UPDATE, 3 years later: I have been contacted by a Frenchman, Marc P., who informs me that all the ammunition for this gun was French, and that the shell in common regular use was the #2 HE one. Wikipedia shows a slight difference between the French #2 HE shell and an American #2 HE shell, so their implication is that American made ammunition of at least one type did exist.

Marc also feels that ammunition would have been issued by plan and/or agreement. While I can’t disagree with that, I am confident that soldiers, Doughboys or Poilu, would have scrounged up whatever ammo they could find, regardless of any high level plans in Paris or DC. “Lend Lease” plus “nobody’s looking”.

Also, Marc informs me that the common name for the little gun was the “37”, even among French troops.

Ah, the mysteries of history.

*******************************************************************************************************************

Back when I was a small schoolboy, about the time that the dinosaurs were sucking down their last breaths, our school encouraged reading by selling us books on the cheap. Doubleday, Penguin, Pocket and several other publishers I’m sure, would get the schools to hand out order forms to us, with brief descriptions and pictures of the books for sale. Even for those days, the prices were amazing. 10¢, 15¢, 25¢ paperbacks, hardcover editions for $2 or something like that. The publishers sold the books in bulk, the school got a little slice for acting as middleman, and us kids pestered our parents for 2 to 5 bucks and were able to build our own libraries. This was long before that RIF program, back in the days when schools actually were underfunded and were always on an austerity budget. We had to make our own covers for our textbooks from grocery bags, and often had to glue the books we were issued back together so they’d last another season after we gave them back. Those were your textbooks thank you, and your folks (and your backside when dad got home!!) were responsible for keeping them in good condition.

These were the days before PC, when a boy’s interest in the military and it’s technology was not only allowed but encouraged. From all the books my brother and I owned, I can only remember one cover distinctly. It was titled something along the lines of The United States In World War One and told that story from a highly patriotic viewpoint. The red white and blue cover had this picture on it:


image



I never knew if those were soldiers or marines, or where the picture was from. I only knew that those were Our Boys, Over There, and that image has stuck with me my entire life. Once every second or third blue moon that image floats up in my memory, and, as I always do, I wonder what kind of little cannon those men were firing. I never knew. And I was one of the boys who devoured the entire C.B. Colby series - an author who wrote 93 books on hunting, camping, and militaria for children. Not only did our little school library have most of these books, which were little more than arms catalogs with pictures and descriptions, they kept them down on the lower shelves where small boys could easily reach them. Like I said, this was long before PC. But even the great CB never enlightened me on that one.
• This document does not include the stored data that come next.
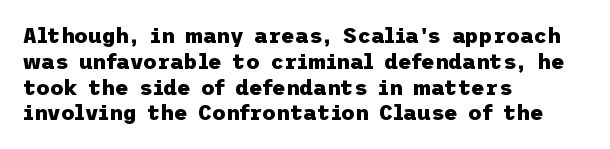
The image shows 21 px bold type, upright; set left-aligned, line spacing 1.23x, normal letter spacing, not underlined.
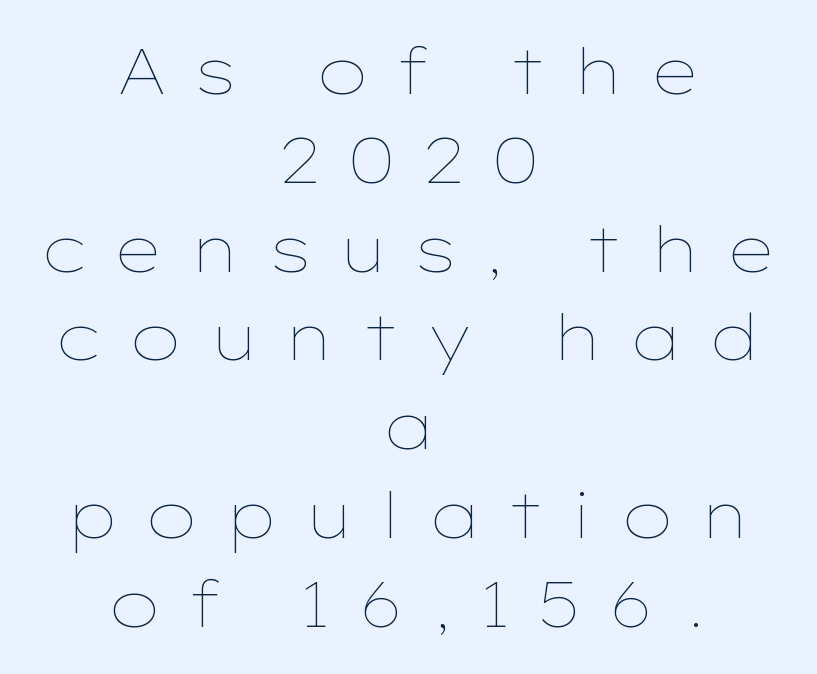
Q: Is the text bold? A: No.
Q: Is the text italic (slanted)? A: No, it is upright.
Q: Is the text underlined? A: No.
Q: How is the paragraph aligned? A: Centered.
Q: Is the spacing between letters normal or unusually wide? A: Unusually wide.
Q: Is the spacing between lines tight, normal or loose? A: Normal.
Q: Width (condensed, normal, or wide)? A: Wide.
Q: Stroke contrast? A: Low.
Q: x-height? A: Medium.
Q: Monospaced? A: No.

Today I found it. Our dauntless doughboys above are using the M1916 37 mm pack howitzer, a tiny little cannon borrowed from the French, who knew it by the simple name of Canon d’Infanterie de 37 modèle 1916TRP ( tir rapide, Puteaux ). Try getting that mouthful out when somebody is shooting at you.

image

It was a neat little gun designed for taking out machine gun nests and other small fortifications, and it worked rather well. Actually it worked much better once the Yanks got a hold of it and replaced the silly French solid iron bullet with a nice little exploding shell. Think of it as a 1 1/4 pounder. While the M1916 could fire off 20-30 shots a minute, it was range limited to about a mile because the gun didn’t have much elevation adjustment. But it wasn’t designed for that. It was designed to work like a giant rifle and save your squad. And it was designed to be used when you were face down in the mud. The whole gun is barely 2 feet tall and weighs only 240 pounds. 4 men can pick it up and run with it. With all the doo-dads attached, which include wheels, an iron flash hider, and a bit of armor shield, it’s still light enough so that one mule or horse can run all day while towing it along. All of this adds up to a pretty darn good idea, even if it was invented by the froggies. Take off the wheels and a front leg folds down, making a nice little tripod, which puts the gun even closer to the ground.

image

M1916 with all doo-dads attached

Note the top edge of the picture on the placard. It’s the photo from the top of this post, cropped.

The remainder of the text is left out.